For each treatment on each cell line, CMap provides gene-expression data for multiple biological replicates of vehicle-treated cells. For simplicity, we averaged gene-expression values across the multiple vehicle files. We then subtracted these values from the corresponding gene expression values for the compounds of interest. Finally, we merged the vehicle-adjusted data into separate files for MCF7 and PC3, respectively.
The SCAN algorithm is designed for precision-medicine workflows in which biological samples may arrive serially and thus may need to be processed one sample at a time [14]. This approach provides logistical advantages and ensures that the data distribution of each sample is similar, but it does not attempt to adjust for systematic differences that may be observed across samples. Therefore, during Phase II, we generated an alternative version of the data, which we normalized using the FARMS algorithm [16]—a multi-sample normalization method. This enabled us to evaluate whether the single-sample nature of the SCAN algorithm may have negatively affected classification accuracy in Phase I. Irrespective of normalization method, it is possible that batch effects can bias a machine-learning analysis. Indeed, the CMap data were processed in many batches. Therefore, for SCAN and FARMS, we created an additional version of the expression data by adjusting for batch effects using the ComBat algorithm [17].
Feature selection
Initially in Phase I, we used a variance-based approach for feature selection (with the goal of identifying which genes would be most informative for classification). We calculated the variance of the expression values for each gene across all samples; then we selected different quantities of genes that had the highest variance and used those as inputs to classification. However, in performing 10-fold cross validation on the training set, we observed no improvement in classification performance regardless of the number of high-variance genes that we used, so we decided not to use feature selection for our Phase I predictions. To perform cross-validation, we wrote custom Python code that utilizes the scikit-learn module (version 0.19.2), [18].

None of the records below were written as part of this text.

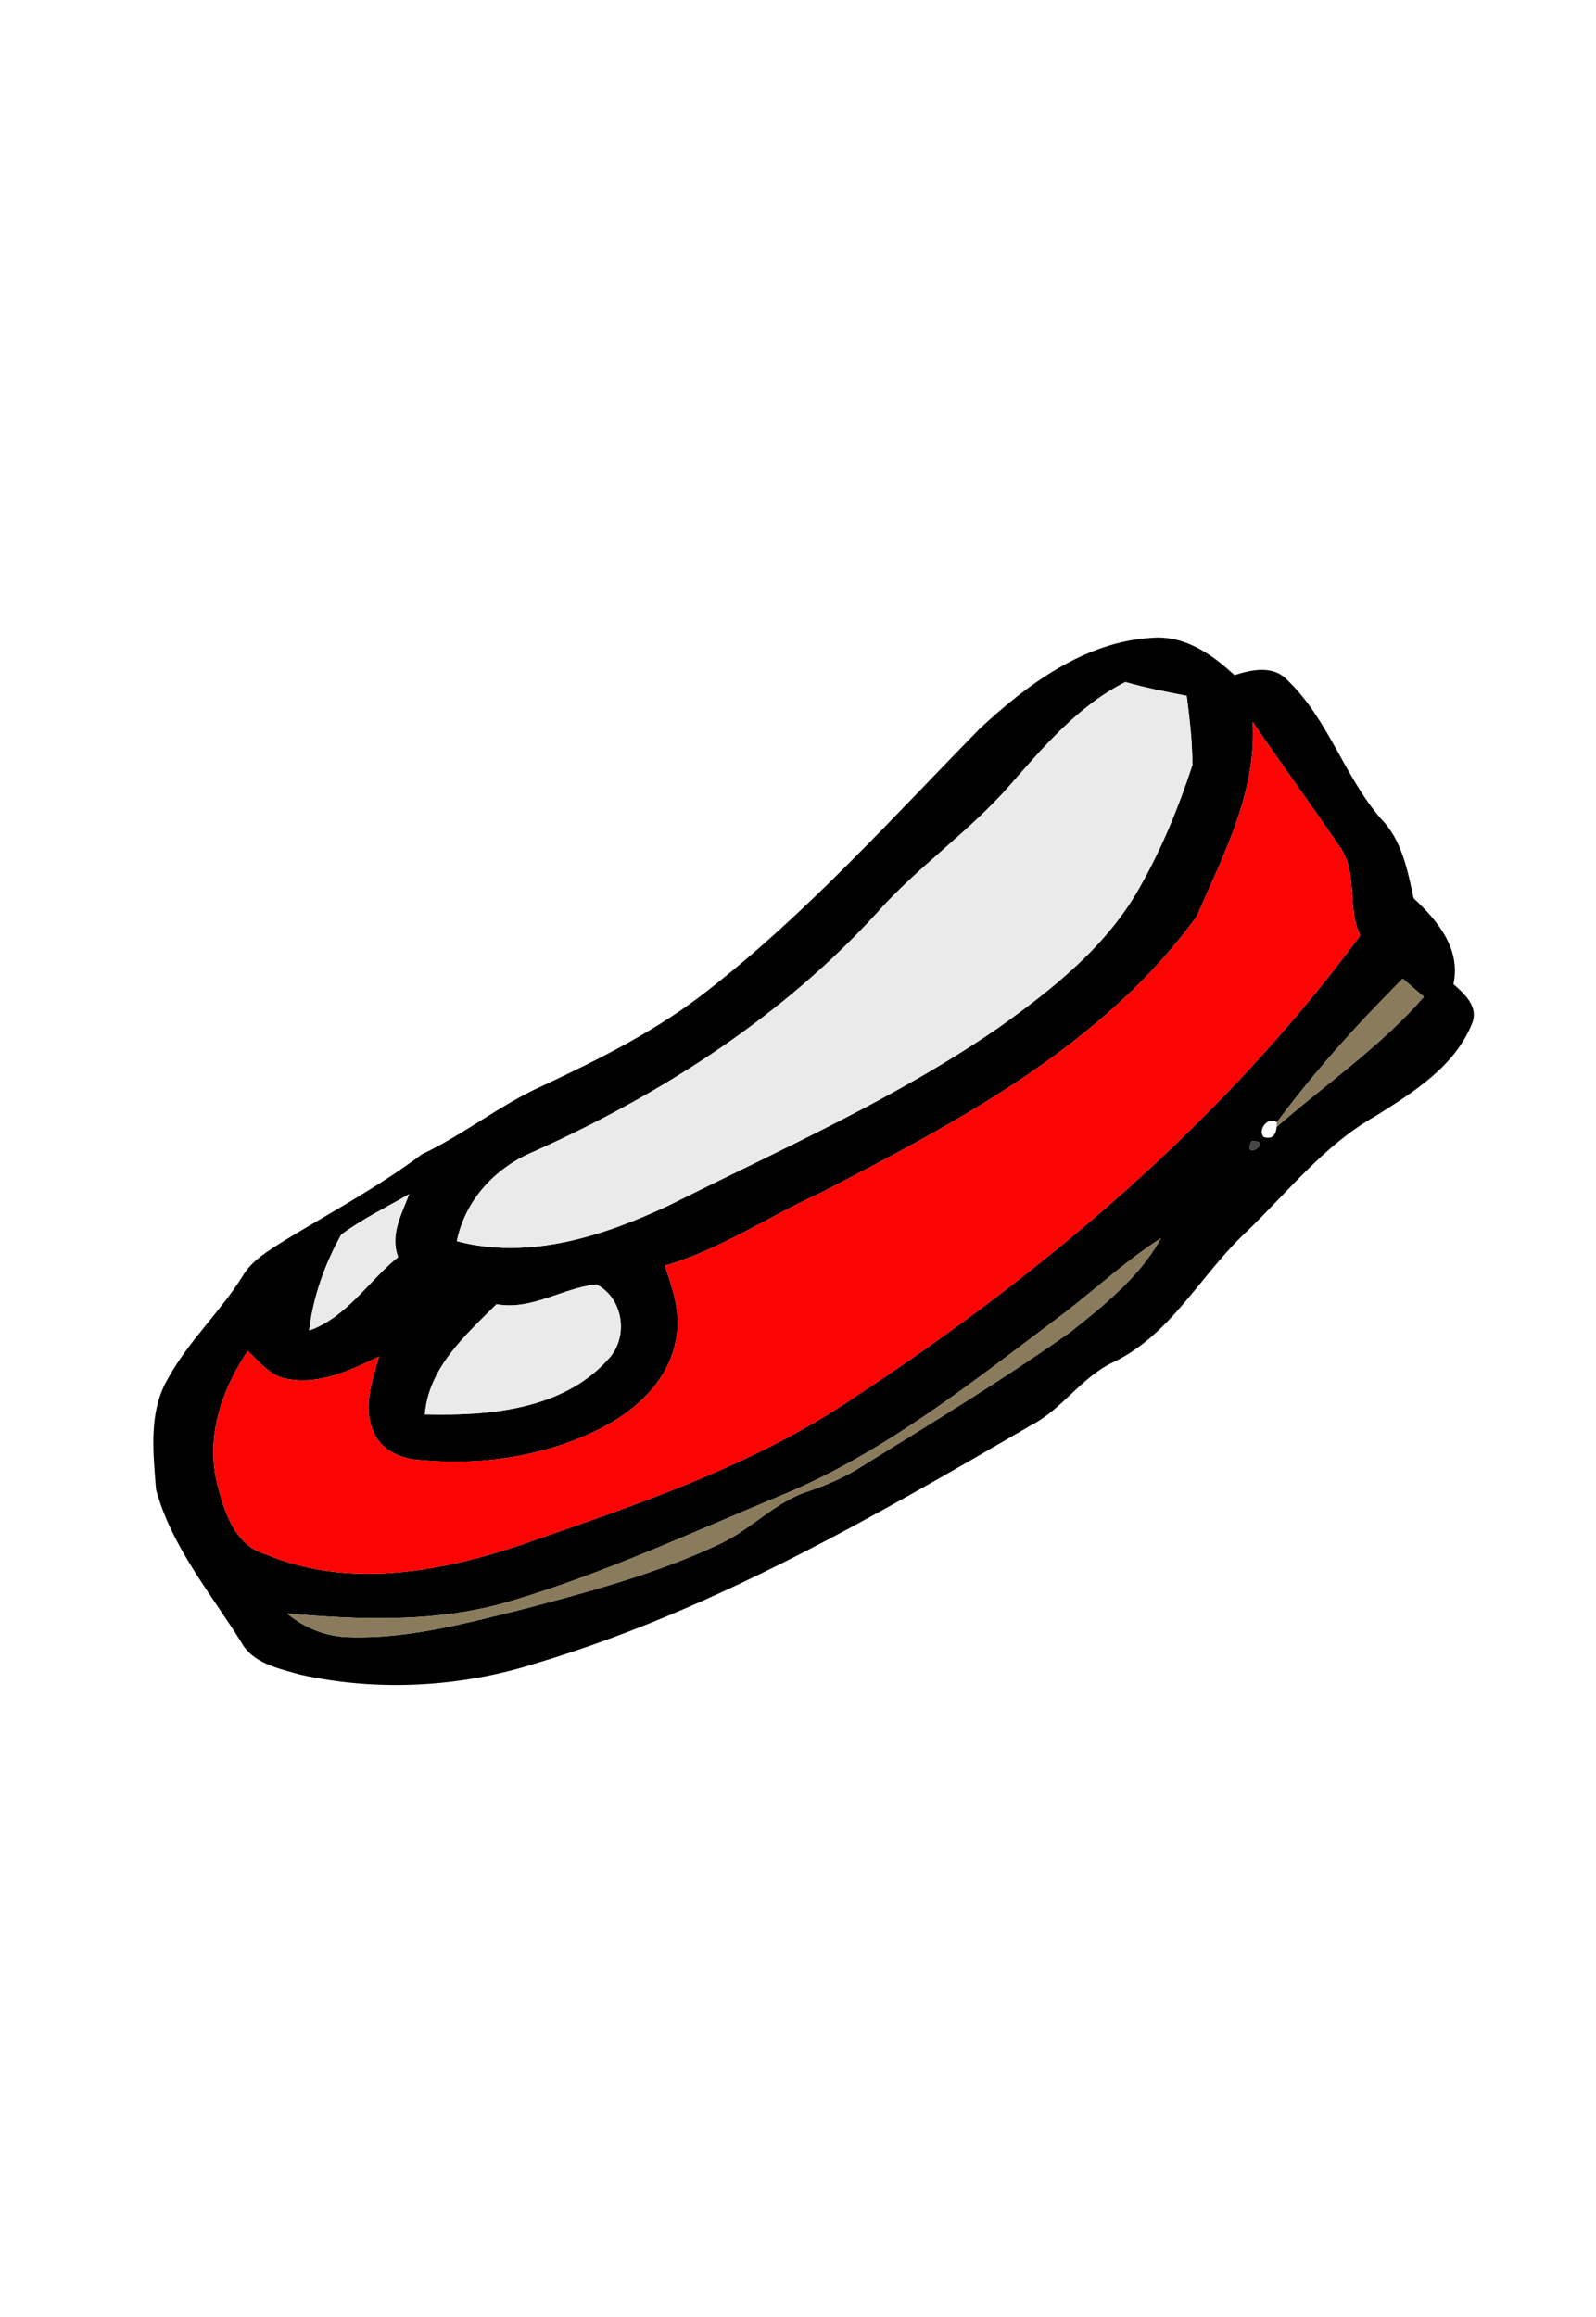 <?xml version="1.0" encoding="UTF-8" standalone="no"?>
<!-- Created with Inkscape (http://www.inkscape.org/) -->

<svg
   width="62px"
   height="90px"
   viewBox="0 0 36.22 52.864"
   version="1.1"
   id="svg1"
   inkscape:export-filename="..\OneDrive\Plocha\škola\Bobřík\Ryba\2024-CZ-01_Veronica_s_dressing\2024-CZ-01-oranzovamasle.svg"
   inkscape:export-xdpi="43.240002"
   inkscape:export-ydpi="43.240002"
   sodipodi:docname="2024-cz-01-botacervena.svg"
   xml:space="preserve"
   xmlns:inkscape="http://www.inkscape.org/namespaces/inkscape"
   xmlns:sodipodi="http://sodipodi.sourceforge.net/DTD/sodipodi-0.dtd"
   xmlns="http://www.w3.org/2000/svg"
   xmlns:svg="http://www.w3.org/2000/svg"><sodipodi:namedview
     id="namedview1"
     pagecolor="#ffffff"
     bordercolor="#000000"
     borderopacity="0.25"
     inkscape:showpageshadow="2"
     inkscape:pageopacity="0.0"
     inkscape:pagecheckerboard="0"
     inkscape:deskcolor="#d1d1d1"
     inkscape:document-units="mm"
     inkscape:zoom="4.1591102"
     inkscape:cx="68.524272"
     inkscape:cy="99.901176"
     inkscape:window-width="1920"
     inkscape:window-height="1009"
     inkscape:window-x="1672"
     inkscape:window-y="-8"
     inkscape:window-maximized="1"
     inkscape:current-layer="layer1" /><defs
     id="defs1" /><g
     inkscape:label="Vrstva 1"
     inkscape:groupmode="layer"
     id="layer1"
     transform="translate(-82.021,-104.51)"><g
       id="g7"
       transform="matrix(0.265,0,0,0.265,85.254,118.859)"><g
         id="g514"
         transform="matrix(0.713,0,0,0.71,899.492,-477.361)"
         style="fill:#2b0000;stroke:#2b0000;stroke-width:3.43;stroke-miterlimit:4;stroke-dasharray:none" /><g
         style="stroke-width:5.335;stroke-miterlimit:4;stroke-dasharray:none"
         transform="matrix(0.605,0,0,0.605,-805.155,-950.127)"
         id="g1252-6-8-1"><path
           style="stroke-width:5.335;stroke-miterlimit:4;stroke-dasharray:none"
           id="path956-6-3-3"
           d="m 1449.51,1584.64 c 6.78,-6.32 14.96,-12.38 24.55,-12.92 4.6,-0.36 8.49,2.34 11.69,5.32 2.47,-0.8 5.51,-1.46 7.53,0.71 5.81,5.54 8.08,13.67 13.29,19.7 2.99,3 3.81,7.33 4.67,11.33 3.4,3.17 6.76,7.19 5.67,12.22 1.58,1.4 3.63,3.22 2.65,5.61 -2.44,6.11 -8.39,9.81 -13.73,13.17 -7.3,4.11 -12.51,10.84 -18.46,16.56 -6.41,5.97 -10.56,14.42 -18.72,18.4 -4.67,2.13 -7.39,6.77 -11.91,9.08 -22.48,13.07 -45.24,26.29 -70.29,33.81 -10.81,3.45 -22.56,4.1 -33.65,1.65 -3.09,-0.89 -6.81,-1.59 -8.45,-4.69 -4.39,-6.99 -9.89,-13.58 -12.09,-21.67 -0.41,-5.31 -1.11,-11.15 1.78,-15.92 2.89,-5.23 7.36,-9.34 10.52,-14.4 1.36,-2.35 3.78,-3.68 5.98,-5.1 6.58,-4 13.39,-7.65 19.55,-12.27 6.03,-2.84 11.23,-7.12 17.33,-9.82 8.17,-3.84 16.31,-7.92 23.43,-13.55 14.13,-11.04 26.14,-24.45 38.66,-37.22 m 20.71,-6.62 c -6.71,3.38 -11.6,9.18 -16.46,14.72 -5.78,6.6 -13.11,11.59 -18.92,18.16 -13.51,14.79 -30.68,25.81 -48.88,33.97 -5.42,2.27 -9.7,6.87 -10.89,12.72 10.31,2.72 20.94,-0.74 30.26,-5.13 15.87,-7.95 32.22,-15.17 46.87,-25.28 7.69,-5.49 15.37,-11.58 20.06,-19.95 3.12,-5.49 5.53,-11.38 7.49,-17.36 0.02,-3.32 -0.39,-6.63 -0.8,-9.89 -2.94,-0.57 -5.87,-1.14 -8.73,-1.96 m 18.12,5.68 c 0.6,9.9 -4.15,18.89 -7.98,27.68 -13.32,18.33 -33.94,29.22 -53.64,39.39 -7.38,3.36 -14.2,8.03 -22.04,10.3 1.17,3.44 2.42,7.13 1.52,10.81 -1.06,5.5 -5.47,9.62 -10.24,12.14 -7.93,4.13 -17.14,5.55 -25.99,4.72 -2.7,-0.12 -5.63,-1.31 -6.71,-3.95 -1.66,-3.5 -0.2,-7.34 0.74,-10.79 -4,1.92 -8.44,4.06 -12.99,3.2 -2.47,-0.34 -4.01,-2.44 -5.7,-3.99 -3.66,5.43 -5.98,12.14 -4.39,18.71 0.99,4.01 2.48,8.97 6.97,10.23 11.6,4.89 24.62,2.57 36.16,-1.29 16.41,-5.71 33.19,-11.24 47.69,-21.1 27.19,-17.89 52.5,-39.41 71.91,-65.67 -1.94,-4.06 -0.24,-9.01 -2.99,-12.74 -4.05,-5.93 -8.28,-11.73 -12.32,-17.65 m 3.44,56.98 c -1.14,-0.96 -2.85,1.02 -1.86,2.09 1.1,0.33 1.71,-0.15 1.83,-1.45 7.03,-6.13 14.8,-11.44 20.96,-18.51 -1.03,-0.88 -2.04,-1.74 -3.02,-2.58 -6.39,6.41 -12.53,13.18 -17.91,20.45 m -3.62,2.66 c -1.39,3.05 3.34,-0.12 0,0 m -129.54,13.32 c -2.33,4.18 -4.01,8.84 -4.56,13.64 5.35,-1.89 8.41,-7.02 12.66,-10.46 -1.19,-3.14 0.48,-6.08 1.57,-8.94 -3.24,1.87 -6.65,3.51 -9.67,5.76 m 103.05,11.05 c -12.96,9.69 -25.74,20.1 -40.87,26.24 -12.8,5.32 -25.44,11.2 -38.78,15.07 -10.15,2.86 -20.76,2.47 -31.12,1.54 2.51,2.1 5.67,3.36 8.98,3.38 8.26,0.25 16.32,-1.95 24.28,-3.9 9.6,-2.53 19.28,-5.1 28.29,-9.35 4.49,-2.06 7.89,-6.01 12.67,-7.52 2.62,-0.89 5.18,-2 7.53,-3.5 10.02,-6.23 20.13,-12.35 29.77,-19.17 4.7,-3.75 9.6,-7.65 12.64,-12.93 0.06,-0.1 0.18,-0.31 0.24,-0.41 -4.85,3.11 -9.09,7.03 -13.63,10.55 m -80.96,-1.15 c -4.42,4.43 -9.64,8.99 -10.19,15.68 9.02,0.24 19.55,-0.63 26,-7.75 3.07,-3.11 2.32,-8.76 -1.59,-10.75 -4.83,0.51 -9.19,3.73 -14.22,2.82 z"
           opacity="1"
           fill="#000000" /><path
           style="stroke-width:5.335;stroke-miterlimit:4;stroke-dasharray:none"
           id="path962-9-0-6"
           d="m 1470.22,1578.02 c 2.86,0.82 5.79,1.39 8.73,1.96 0.41,3.26 0.82,6.57 0.8,9.89 -1.96,5.98 -4.37,11.87 -7.49,17.36 -4.69,8.37 -12.37,14.46 -20.06,19.95 -14.65,10.11 -31,17.33 -46.87,25.28 -9.32,4.39 -19.95,7.85 -30.26,5.13 1.19,-5.85 5.47,-10.45 10.89,-12.72 18.2,-8.16 35.37,-19.18 48.88,-33.97 5.81,-6.57 13.14,-11.56 18.92,-18.16 4.86,-5.54 9.75,-11.34 16.46,-14.72 z"
           opacity="1"
           fill="#eaeaea" /><path
           style="stroke-width:5.335;stroke-miterlimit:4;stroke-dasharray:none"
           id="path968-1-4-1"
           d="m 1488.34,1583.7 c 4.04,5.92 8.27,11.72 12.32,17.65 2.75,3.73 1.05,8.68 2.99,12.74 -19.41,26.26 -44.72,47.78 -71.91,65.67 -14.5,9.86 -31.28,15.39 -47.69,21.1 -11.54,3.86 -24.56,6.18 -36.16,1.29 -4.49,-1.26 -5.98,-6.22 -6.97,-10.23 -1.59,-6.57 0.73,-13.28 4.39,-18.71 1.69,1.55 3.23,3.65 5.7,3.99 4.55,0.86 8.99,-1.28 12.99,-3.2 -0.94,3.45 -2.4,7.29 -0.74,10.79 1.08,2.64 4.01,3.83 6.71,3.95 8.85,0.83 18.06,-0.59 25.99,-4.72 4.77,-2.52 9.18,-6.64 10.24,-12.14 0.9,-3.68 -0.35,-7.37 -1.52,-10.81 7.84,-2.27 14.66,-6.94 22.04,-10.3 19.7,-10.17 40.32,-21.06 53.64,-39.39 3.83,-8.79 8.58,-17.78 7.98,-27.68 z"
           opacity="1"
           fill="#fd0404" /><path
           style="stroke-width:5.335;stroke-miterlimit:4;stroke-dasharray:none"
           id="path1002-2-1-2"
           d="m 1491.78,1640.68 c 5.38,-7.27 11.52,-14.04 17.91,-20.45 0.98,0.84 1.99,1.7 3.02,2.58 -6.16,7.07 -13.93,12.38 -20.96,18.51 z"
           opacity="1"
           fill="#897b5b" /><path
           style="stroke-width:5.335;stroke-miterlimit:4;stroke-dasharray:none"
           id="path1020-1-6-6"
           d="m 1488.16,1643.34 c 3.34,-0.12 -1.39,3.05 0,0 z"
           opacity="0.72"
           fill="#000000" /><path
           style="stroke-width:5.335;stroke-miterlimit:4;stroke-dasharray:none"
           id="path1024-4-1-4"
           d="m 1358.62,1656.66 c 3.02,-2.25 6.43,-3.89 9.67,-5.76 -1.09,2.86 -2.76,5.8 -1.57,8.94 -4.25,3.44 -7.31,8.57 -12.66,10.46 0.55,-4.8 2.23,-9.46 4.56,-13.64 z"
           opacity="1"
           fill="#eaeaea" /><path
           style="stroke-width:5.335;stroke-miterlimit:4;stroke-dasharray:none"
           id="path1028-0-3-4"
           d="m 1461.67,1667.71 c 4.54,-3.52 8.78,-7.44 13.63,-10.55 l -0.24,0.41 c -3.04,5.28 -7.94,9.18 -12.64,12.93 -9.64,6.82 -19.75,12.94 -29.77,19.17 -2.35,1.5 -4.91,2.61 -7.53,3.5 -4.78,1.51 -8.18,5.46 -12.67,7.52 -9.01,4.25 -18.69,6.82 -28.29,9.35 -7.96,1.95 -16.02,4.15 -24.28,3.9 -3.31,-0.02 -6.47,-1.28 -8.98,-3.38 10.36,0.93 20.97,1.32 31.12,-1.54 13.34,-3.87 25.98,-9.75 38.78,-15.07 15.13,-6.14 27.91,-16.55 40.87,-26.24 z"
           opacity="1"
           fill="#897b5b" /><path
           style="stroke-width:5.335;stroke-miterlimit:4;stroke-dasharray:none"
           id="path1030-2-6-8"
           d="m 1475.3,1657.16 c -0.06,0.1 -0.18,0.31 -0.24,0.41 z"
           opacity="0.5"
           fill="#000000" /><path
           style="stroke-width:5.335;stroke-miterlimit:4;stroke-dasharray:none"
           id="path1034-6-3-3"
           d="m 1380.71,1666.56 c 5.03,0.91 9.39,-2.31 14.22,-2.82 3.91,1.99 4.66,7.64 1.59,10.75 -6.45,7.12 -16.98,7.99 -26,7.75 0.55,-6.69 5.77,-11.25 10.19,-15.68 z"
           opacity="1"
           fill="#eaeaea" /></g></g></g></svg>

In Phase II, we used the following scaling and feature-selection methods in an attempt to improve performance: robust scaling, feature selection based on the ANOVA F-value, and principal component analysis. We used scikit-learn implementations of these methods and used default hyperparameters [18].
Classification
We performed classification using the following algorithms from the scikit-learn library: Gradient Boosting [19], Logistic Regression [20], K-nearest Neighbors [21], Random Forests [22], Multilayer Perceptron [23], Support Vector Machines [24], and Gaussian Naïve Bayes [25]. For each of these algorithms, we used scikit-learn to generate probabilistic predictions. For the voting-based ensemble classifier, we used the VotingClassifier class in scikit-learn. In Phase I, we used “soft” voting, which averages probabilistic predictions across the individual classifiers [8]. In Phase II, we used “hard” voting, which predicts the class label as that which received the larger number of discrete votes.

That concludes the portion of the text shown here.